Output in the error log:

# 21:35:54 /nFirst recovery block is 1
# 21:35:54 Last recovery block is 373
# 21:35:54 Recovery read block is 42
# 21:35:54 Recovery phase 1...
# 21:35:54 Processed:    23647
# 21:35:54
# 21:35:54 Recovery phase 2...
# 21:35:54 Processed:    23647
# 21:35:54
# 21:35:54 Recovery phase 3...
# 21:35:55 Processed:    23647
# 21:35:55 Recovery complete
# 21:35:55 1: Commit System Transaction 2
# 21:35:55 1: Commit System Transaction 4
# 21:35:55 1: Commit System Transaction 6
# 21:35:55 Exception: duplicate values for key INDEXES..PRIMARY_KEY in table SYSTEM.INDEXES
# 21:35:55 Verb rollback: duplicate values for key INDEXES..PRIMARY_KEY in table SYSTEM.INDEXES
# 21:35:55 Scheduler::initialize: duplicate values for key INDEXES..PRIMARY_KEY in table SYSTEM.INDEXES
# 21:35:55 1: Rollback transaction 8
# 21:35:55 1: Cache flush: 861 pages, 23 writes in 0 seconds (861 pps)
# 21:36:07 090125 21:36:07 - mysqld got signal 11 ;

When trying to recover the original tablespace with a server from 6.0-falcon-team, the following problem occurs:

bumpPageIncarnation; page 0
[Falcon] Error: assertion (bdb) failed at line 829 in file IndexRootPage.cpp

090327 17:32:31 - mysqld got signal 6 ;
This could be because you hit a bug.

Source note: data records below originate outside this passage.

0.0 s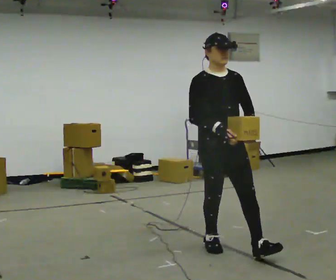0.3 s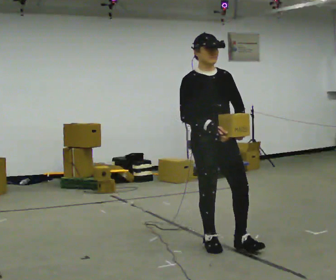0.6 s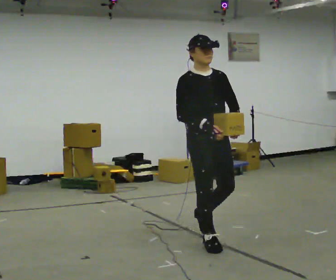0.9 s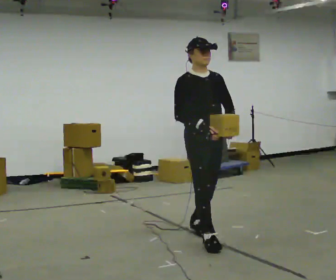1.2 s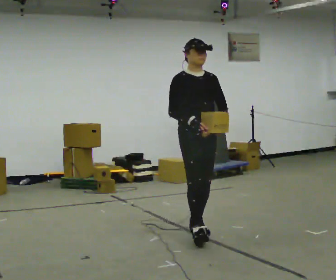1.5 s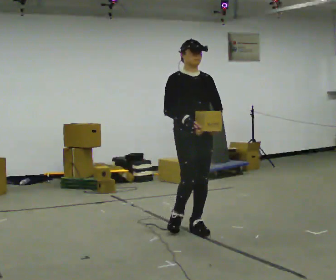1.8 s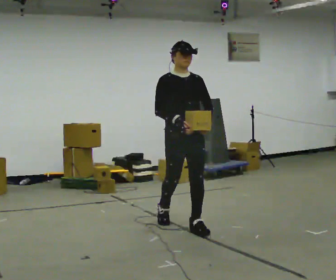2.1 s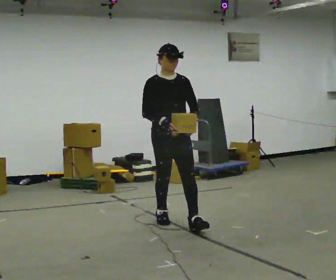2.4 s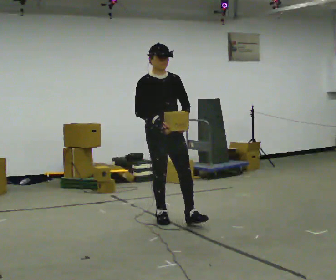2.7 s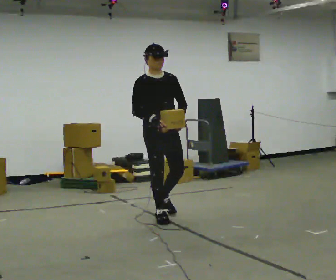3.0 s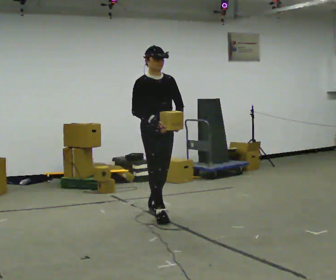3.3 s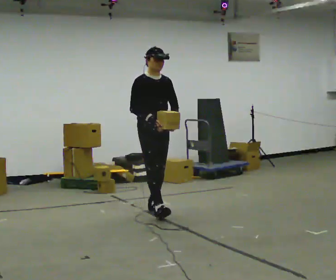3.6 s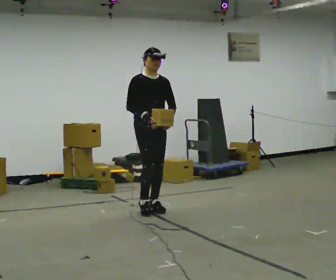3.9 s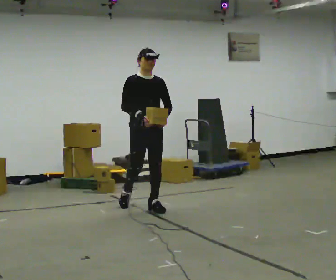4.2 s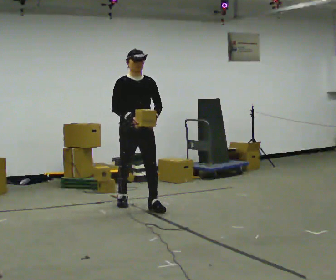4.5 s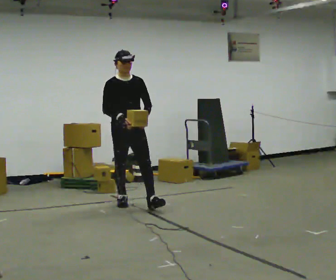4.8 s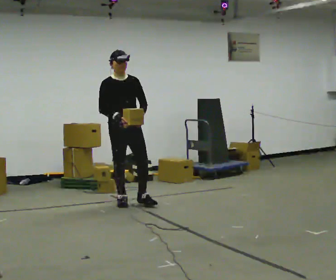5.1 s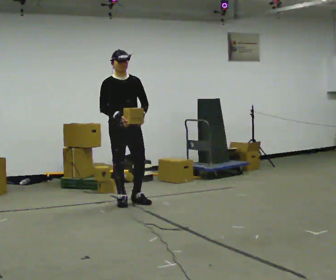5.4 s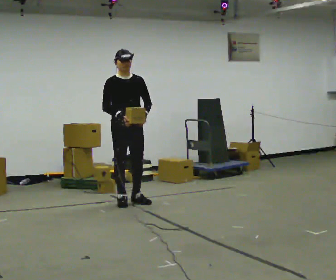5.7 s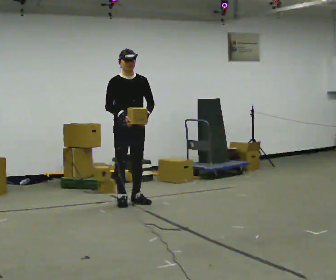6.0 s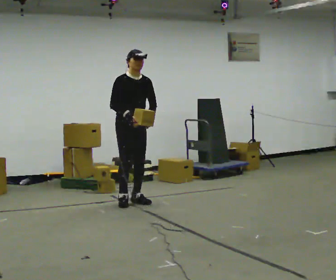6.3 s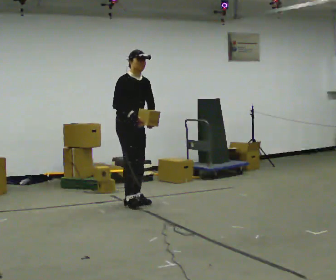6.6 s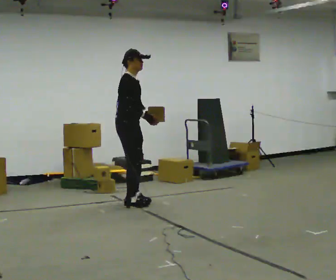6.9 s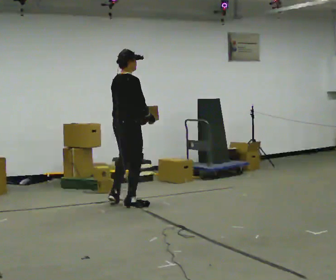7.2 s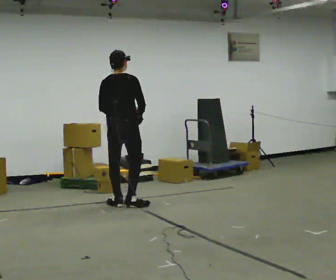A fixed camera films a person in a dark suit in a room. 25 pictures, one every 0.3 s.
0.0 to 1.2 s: In the picture they go away from the camera, about 0.5 m in 2 steps, which for them is backward.
1.2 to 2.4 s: In the picture they go away from the camera and to the left, about 0.5 m in 1 step, which for them is backward.
2.4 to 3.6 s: In the picture they go away from the camera, about 0.5 m in 1 step, which for them is backward.
3.6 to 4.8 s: In the picture they go to the left and away from the camera, about 0.5 m in 1 step, which for them is backward and to their right.
4.8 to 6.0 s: The person moves a little, or ends about where they began.
6.0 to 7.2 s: The part of the body nearest the lens slides to the right as the person turns to their left by about 135 degrees. In the picture they go toward the camera, about 0.25 m in 2 steps. In the picture their left hand goes to the left.
The film runs backward here.
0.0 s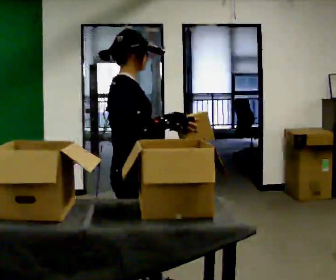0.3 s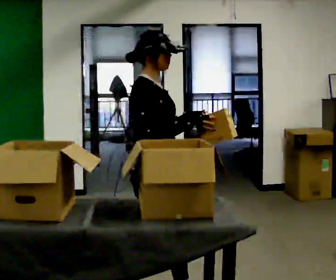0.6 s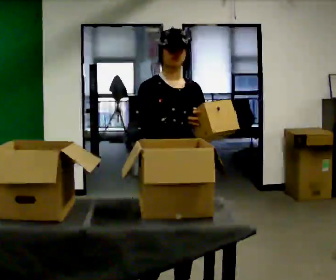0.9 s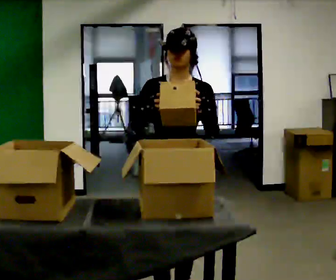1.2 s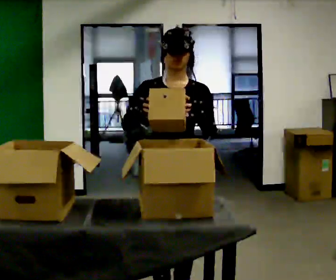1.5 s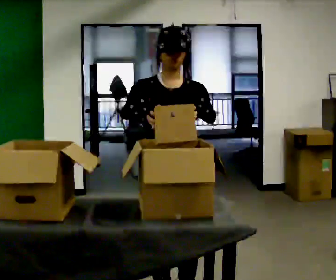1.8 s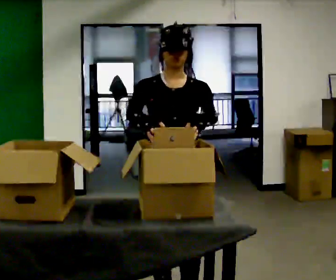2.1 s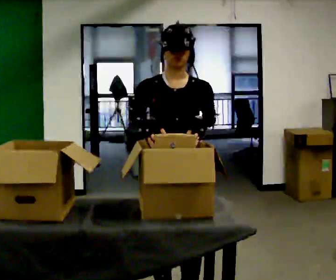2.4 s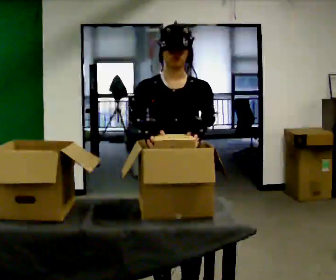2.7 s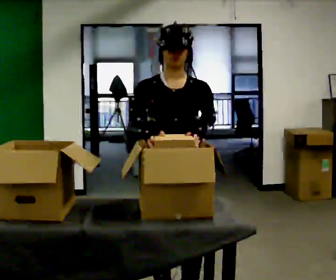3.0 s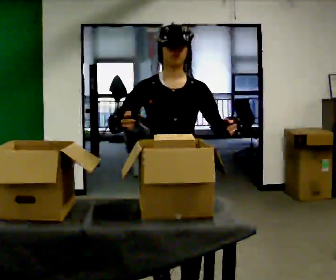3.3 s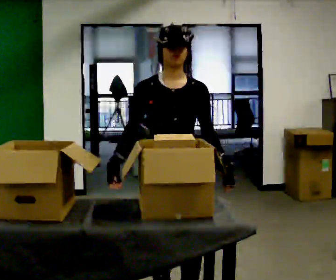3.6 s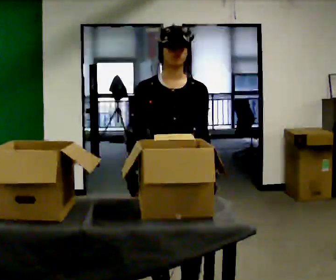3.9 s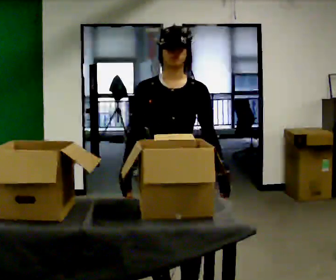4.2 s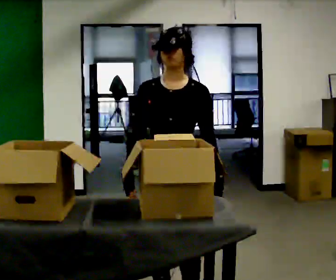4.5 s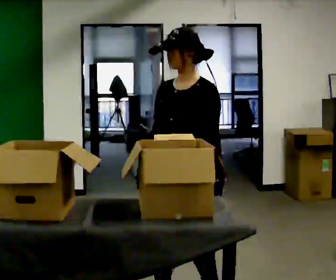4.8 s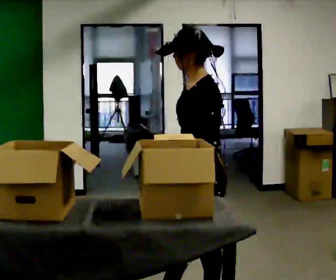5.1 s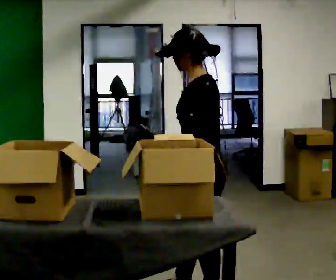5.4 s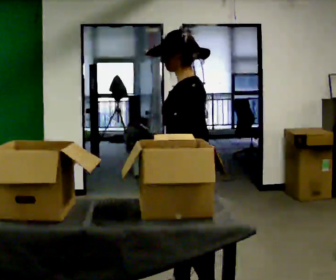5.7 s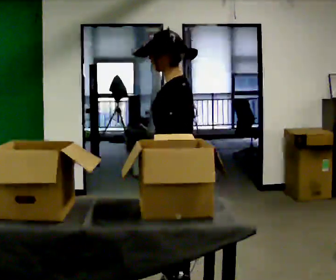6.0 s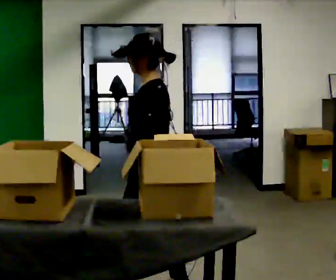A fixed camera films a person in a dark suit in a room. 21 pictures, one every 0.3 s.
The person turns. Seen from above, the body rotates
clockwise.
The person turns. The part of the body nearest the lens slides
to the left.
0.0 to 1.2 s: The person turns about 90 degrees to their right, clockwise seen from above, so the part of the body nearest the lens slides to the left. In the picture they go to the right, about 0.25 m in 2 steps.
1.2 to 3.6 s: In the picture their left hand goes downward.
3.6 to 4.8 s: The part of the body nearest the lens slides to the left as the person turns to their right by about 75 degrees. In the picture they go to the right, about 0.25 m in 1 step. In the picture their right hand goes to the right.
4.8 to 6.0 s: In the picture they go to the left, about 0.25 m in 2 steps, which for them is forward.
The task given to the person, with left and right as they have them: Move the items from one container to the other one at a time, then move them back. Repeat at your own pace until the operator says stop. Keep both feet on the marked spots for the whole take. If you have to step, stop and tell the operator.
The film runs forward here.
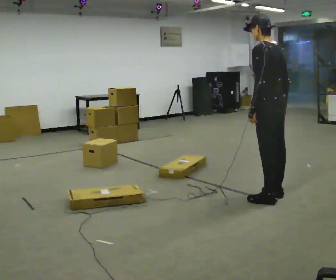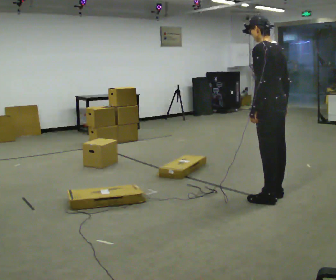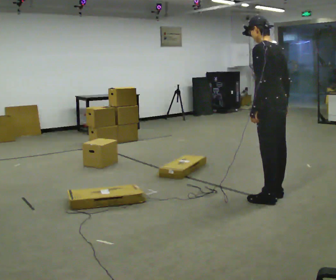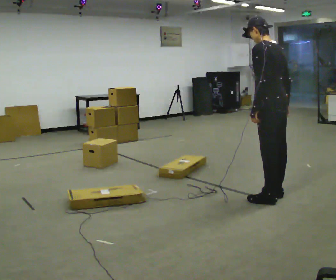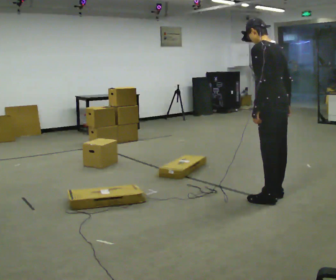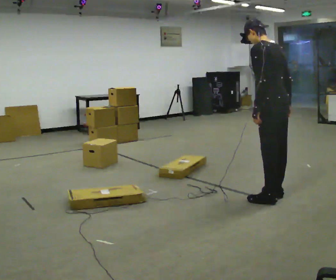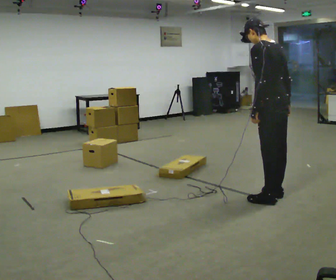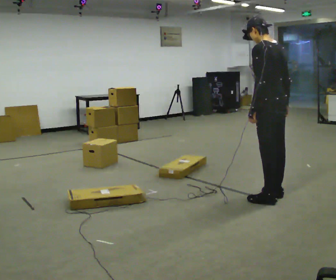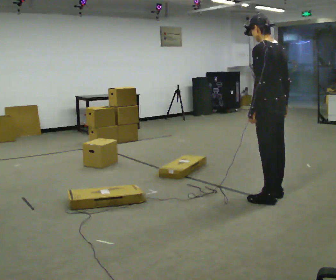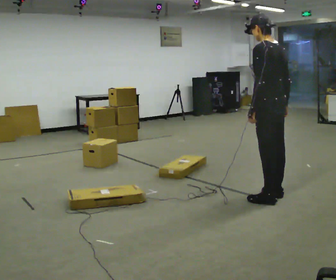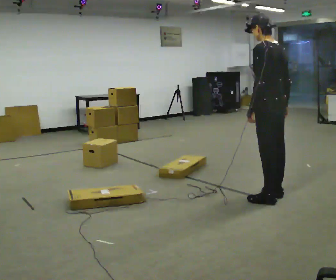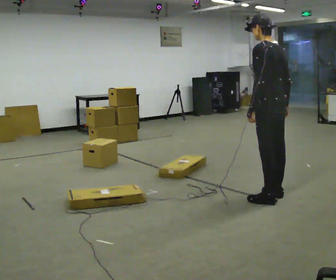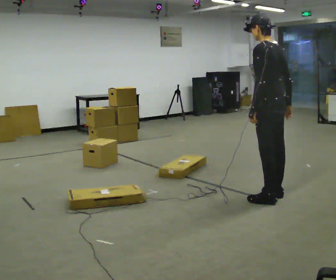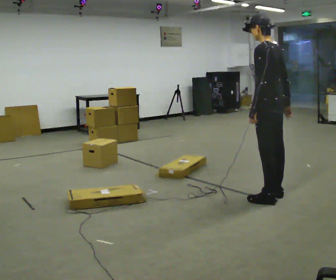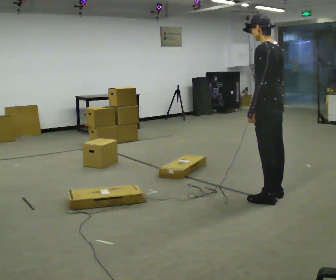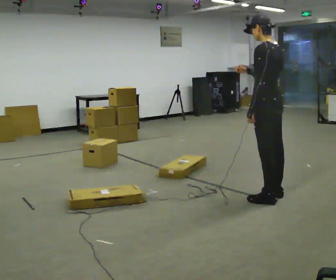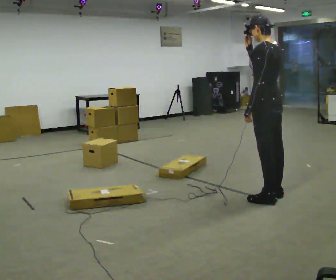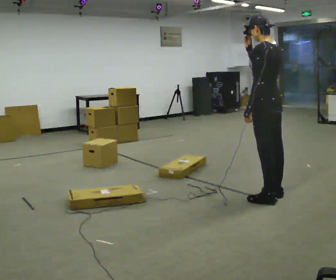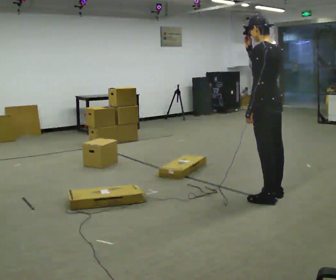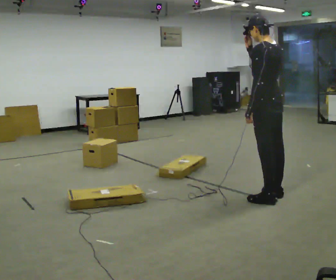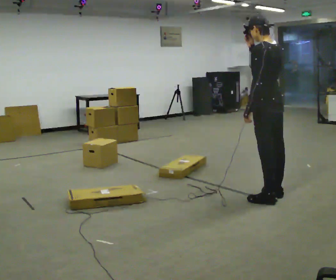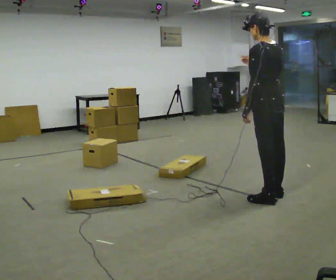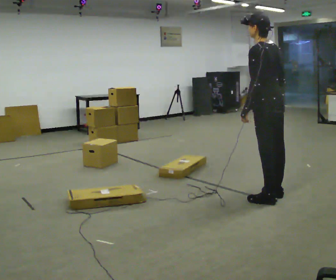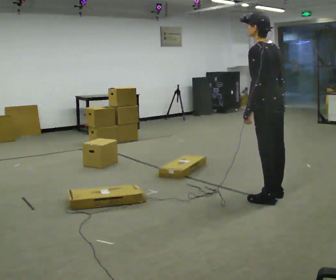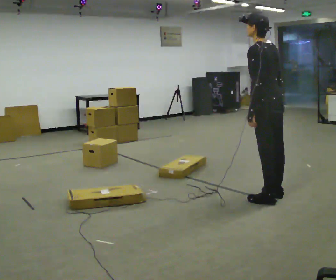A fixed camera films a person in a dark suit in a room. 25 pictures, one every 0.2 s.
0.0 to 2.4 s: The person moves a little, or ends about where they began.
2.4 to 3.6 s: In the picture their right hand goes upward and to the left.
3.6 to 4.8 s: In the picture their right hand goes downward.
The film runs backward here.
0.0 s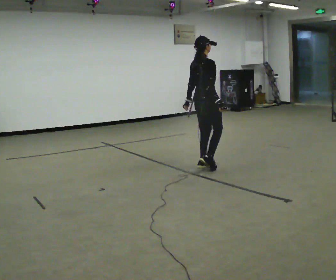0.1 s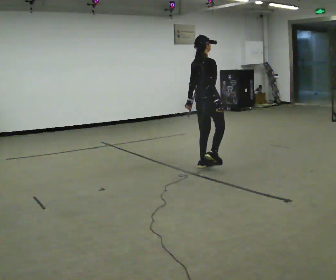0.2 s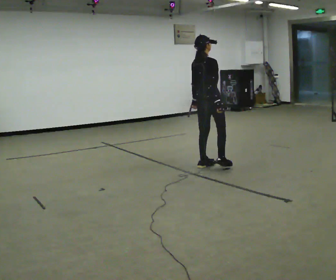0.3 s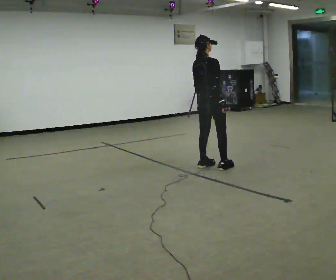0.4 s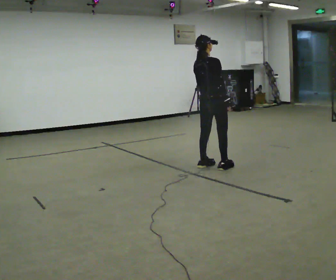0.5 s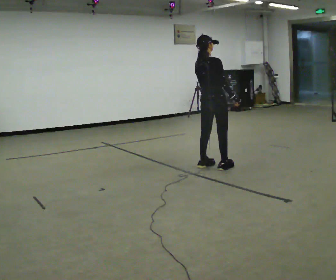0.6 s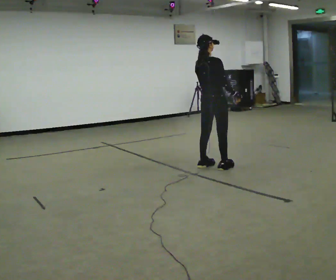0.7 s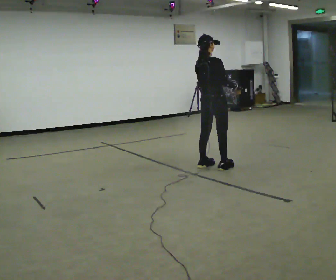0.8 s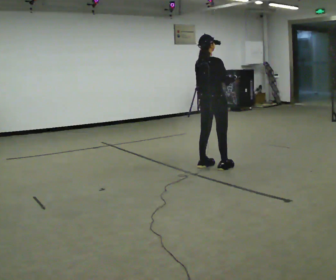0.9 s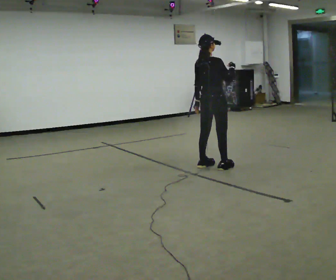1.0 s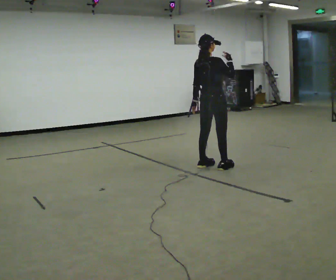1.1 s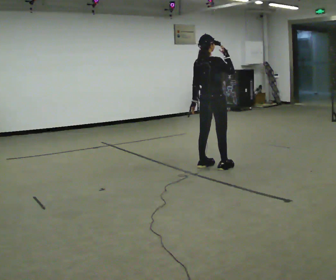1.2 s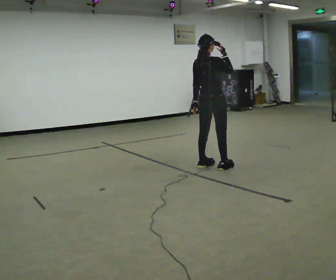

It is also possible that this binary
or one of the libraries it was linked against is corrupt, improperly built,
or misconfigured. This error can also be caused by malfunctioning hardware.
We will try our best to scrape up some info that will hopefully help diagnose
the problem, but since we have already crashed, something is definitely wrong
and this may fail.

key_buffer_size=8384512
read_buffer_size=131072
max_used_connections=0
max_threads=151
thread_count=0
connection_count=0
It is possible that mysqld could use up to
key_buffer_size + (read_buffer_size + sort_buffer_size)*max_threads = 338401 K
bytes of memory
Hope that's ok; if not, decrease some variables in the equation.

thd: 0x0
Attempting backtrace. You can use the following information to find out
where mysqld died. If you see no messages after this, something went
terribly wrong...
stack_bottom = (nil) thread_stack 0x40000
./mysqld(my_print_stacktrace+0x32) [0xc5f1e1]
./mysqld(handle_segfault+0x2a6) [0x6c724a]
/lib64/libpthread.so.0 [0x315b00f0f0]
/lib64/libpthread.so.0(raise+0x2b) [0x315b00efab]
./mysqld(Error::debugBreak()+0xe) [0x9efc84]
./mysqld(Error::error(char const*, ...)+0x131) [0x9efdb7]
./mysqld(Error::assertionFailed(char const*, char const*, int)+0x2d) [0x9efe5b]
./mysqld(IndexRootPage::indexMerge(Dbb*, int, SRLUpdateIndex*, unsigned int)+0x189) [0xa04593]
./mysqld(SRLUpdateIndex::execute()+0xd6) [0xa7713c]
./mysqld(SRLUpdateIndex::redo()+0x15) [0xa7716d]
./mysqld(SerialLog::recover()+0xd06) [0xa58160]
./mysqld(Database::openDatabase(char const*)+0x405) [0x9de5f3]
./mysqld(Connection::getDatabase(char const*, char const*, Threads*)+0x16a) [0x9ccea0]
./mysqld(Connection::openDatabase(char const*, char const*, char const*, char const*, char const*, Threads*)+0x1c8) [0x9ce1e0]
./mysqld(StorageDatabase::getOpenConnection()+0x89) [0x983e61]
./mysqld(StorageHandler::initialize()+0xa3) [0x986ef3]
./mysqld(StorageInterface::falcon_init(void*)+0x2ac) [0x97d390]
./mysqld(ha_initialize_handlerton(st_plugin_int*)+0xae) [0x82087a]
./mysqld [0x8d7df8]
./mysqld(plugin_init(int*, char**, int)+0x673) [0x8db5f1]
./mysqld [0x6caa65]
./mysqld(main+0x1f0) [0x6cb563]
/lib64/libc.so.6(__libc_start_main+0xe6) [0x315a41e546]
./mysqld [0x5d2c39]
The manual page at http://dev.mysql.com/doc/mysql/en/crashing.html contains
information that should help you find out what is causing the crash.
[Falcon] Error: assertion (lockState == 0) failed at line 132 in file SyncObject.cpp

Very likely this tablespace is no longer compatible with the latest server.

Unfortunately, the files provided demonstrate something quite different
from the error reported in the bug, and something that suggests that the
files themselves are corrupt.  Specifically, the falcon_master.fts header
page (page 0) contains several bad fields, including the wrong section 
id for the tablespaces table and the wrong size for the serial log 
segments.  It's possible that Falcon corrupted that tablespace, but it
seems more likely that it was damaged in transit.  If we had a bug that
broke header pages, we'd see it more often, I think.